Позвали Симочку, сообщили решение. Оказалось, и в спальне пришли к необходимости просить Крейслеров остаться: боялись уплотнения.
Михаил Михайлович бросился распаковывать вещи, «бебехи», как он называл. Остановился перед избитым чемоданом и, согнувшись, стал тайком рыться в бумажнике.
— Видала, жена?
И он подал на ладони изумрудные серьги — талисман. Симочка покраснела, повисла на шее у Тани, когда та спросила:
— Это вы все сделали?
Крейслер радовался и острил об этих серьгах трое суток.
Через две недели Таня добилась свидания с Онуфрием Ипатычем в исправдоме.
Был сентябрь, и навернул холодный, сырой, с печальными ароматами северного ненастья, ветер. Маленький трамвайный вагон, дребезжа и скрежеща, полчаса брал петлистый подъем. Давно миновали шумные вонючие улочки с черномазыми ребятами, роющимися в пыли. Путь шел пустырями, каменистыми обрывами, где гудел ветер, серый, как море внизу. Тюремный замок вырос неожиданно из-за поворота. Крепостные русские стены, шатровые башни, бессмысленные в местной суши, бойницы, — унылое воплощение империалистских фантазий, которыми грезили губернские завоеватели, — все это как будто наворотило бурей откуда-то с севера. За тюрьмой раскинулся железнодорожный поселок, — и домики казенной стройки тоже не походили на сакли туземных предместий. На площади, на самом юру в столбах пыли расположился базар, торговали русские бабы дынными семечками, сушеными фруктами, барахлом. Покупателей было мало, меньше, чем палаток с холщовыми крышами, которые трепались, как подолы. На одной палатке трепетала вывеска:
«Сдезь все дли передач».
Таня вспомнила, купила мыла, положила в сверток. У самых ворот ее нагнал долговязый белокурый мальчуган, забытый, как сновидение.
— Татьяна Александровна!
— Сташек! Ты откуда?
— С базара. Насилу улизнул. Мама увидала вас после меня, я показал, хотел было крикнуть, да она запретила.
— Почему запретила? Что вы здесь делаете с мамой?
— Вы не знаете, она разошлась с папой? Из-за Онуфрия Ипатыча, — пояснил он и густо порозовел пятнами. — Какая буча была. Папа уезжает в Польшу, а мама и я торгуем здесь. Надо же кормиться. Мы теперь живем у дяди, маминого брата, на железной дороге. Он — машинист.
— Так она запретила окликнуть меня, — задумчиво проговорила Таня.
— Ну, прощайте, — резко прервал мальчик. — Увидит, поколотит, у нас недолго. Она вас змеей зовет. «Вон опять поползла», — сказала.

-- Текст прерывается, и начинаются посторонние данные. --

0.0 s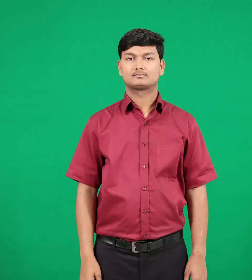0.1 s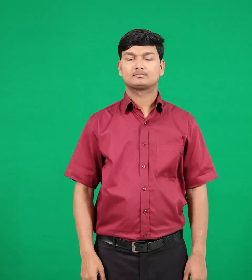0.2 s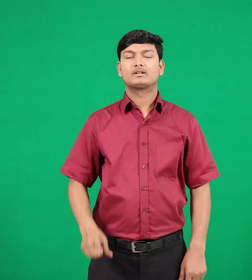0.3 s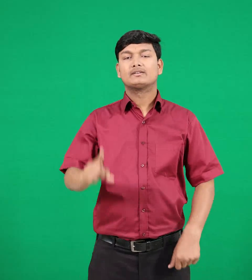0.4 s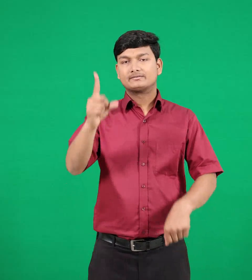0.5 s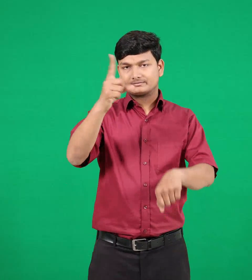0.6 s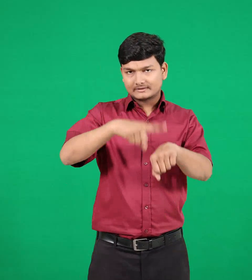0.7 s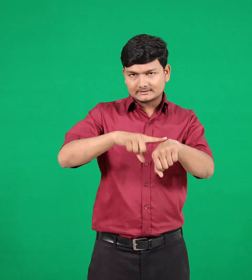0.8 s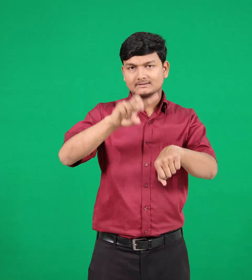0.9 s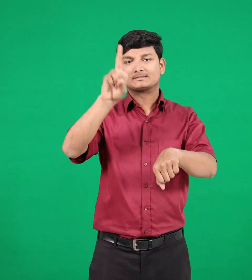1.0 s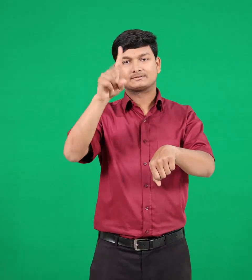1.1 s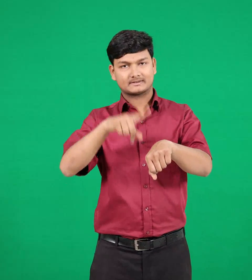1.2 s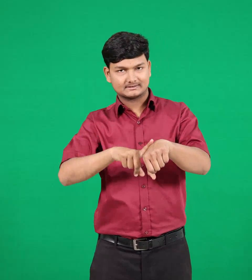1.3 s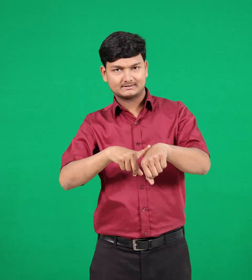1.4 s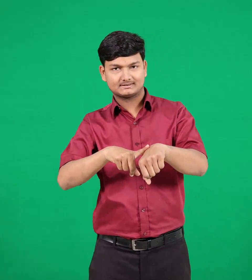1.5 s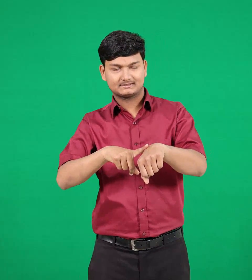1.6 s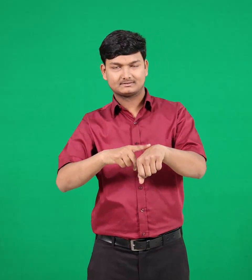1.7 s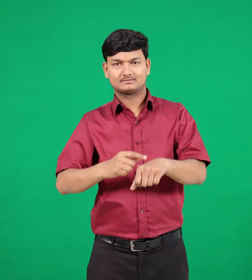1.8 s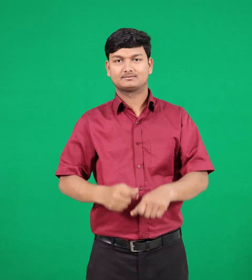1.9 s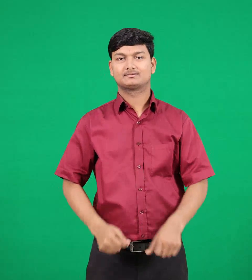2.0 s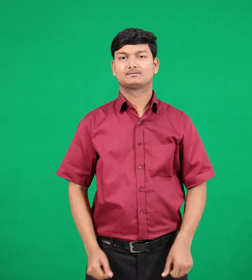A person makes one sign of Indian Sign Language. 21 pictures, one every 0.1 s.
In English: twice

Неверная злая улыбка сверкнула на вытянутом худеньком личике. Он, верно, искал ключа к тому, что происходило с семьей. Но, кроме новых слов, ничего не узнавал и за звуками не видел содержания. И если понял, что значит, что папа и мама разошлись, то понял, как начало бедности и безраздельного главенства бабьей скуки в их существовании. Но что надо подразумевать под обозначением «Онуфрий Ипатыч», он не представлял. Лицезрение Татьяны Александровны, которая в речах взрослых часто выступала в связи с Онуфрием Ипатычем, ничего не объяснило. Он убежал, не оглядываясь.
Таня снова прошла длинную очередь, комендатуру, разговоры в ожидании пропуска. Ее с целой партией других посетителей впустили в длинную сводчатую комнату, перегороженную вдоль деревянной решеткой. Горела неизменная неугасимая электрическая лампочка без абажура, жалкая и ненужная, гудели заглушённые голоса.

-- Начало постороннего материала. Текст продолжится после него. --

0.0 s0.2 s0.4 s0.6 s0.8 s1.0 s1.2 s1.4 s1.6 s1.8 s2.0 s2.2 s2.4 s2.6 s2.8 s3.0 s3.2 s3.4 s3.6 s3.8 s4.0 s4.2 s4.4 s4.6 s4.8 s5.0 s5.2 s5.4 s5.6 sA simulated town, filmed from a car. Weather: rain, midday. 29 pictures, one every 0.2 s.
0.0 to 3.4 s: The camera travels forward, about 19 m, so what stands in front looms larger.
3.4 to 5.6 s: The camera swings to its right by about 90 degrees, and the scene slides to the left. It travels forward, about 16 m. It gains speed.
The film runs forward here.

— Вот я! Сюда, пожалуйста.
Она искала его глазами и не находила. И вздрогнула, увидав остриженного под машинку, сгорбленного коротыша, в гимнастерке, слишком для него объемистой. Он улыбался сквозь слезы.
— Пришли, как хорошо! — повторял он почти шепотом, как говорили, впрочем, и соседи. — Хорошо, что пришли.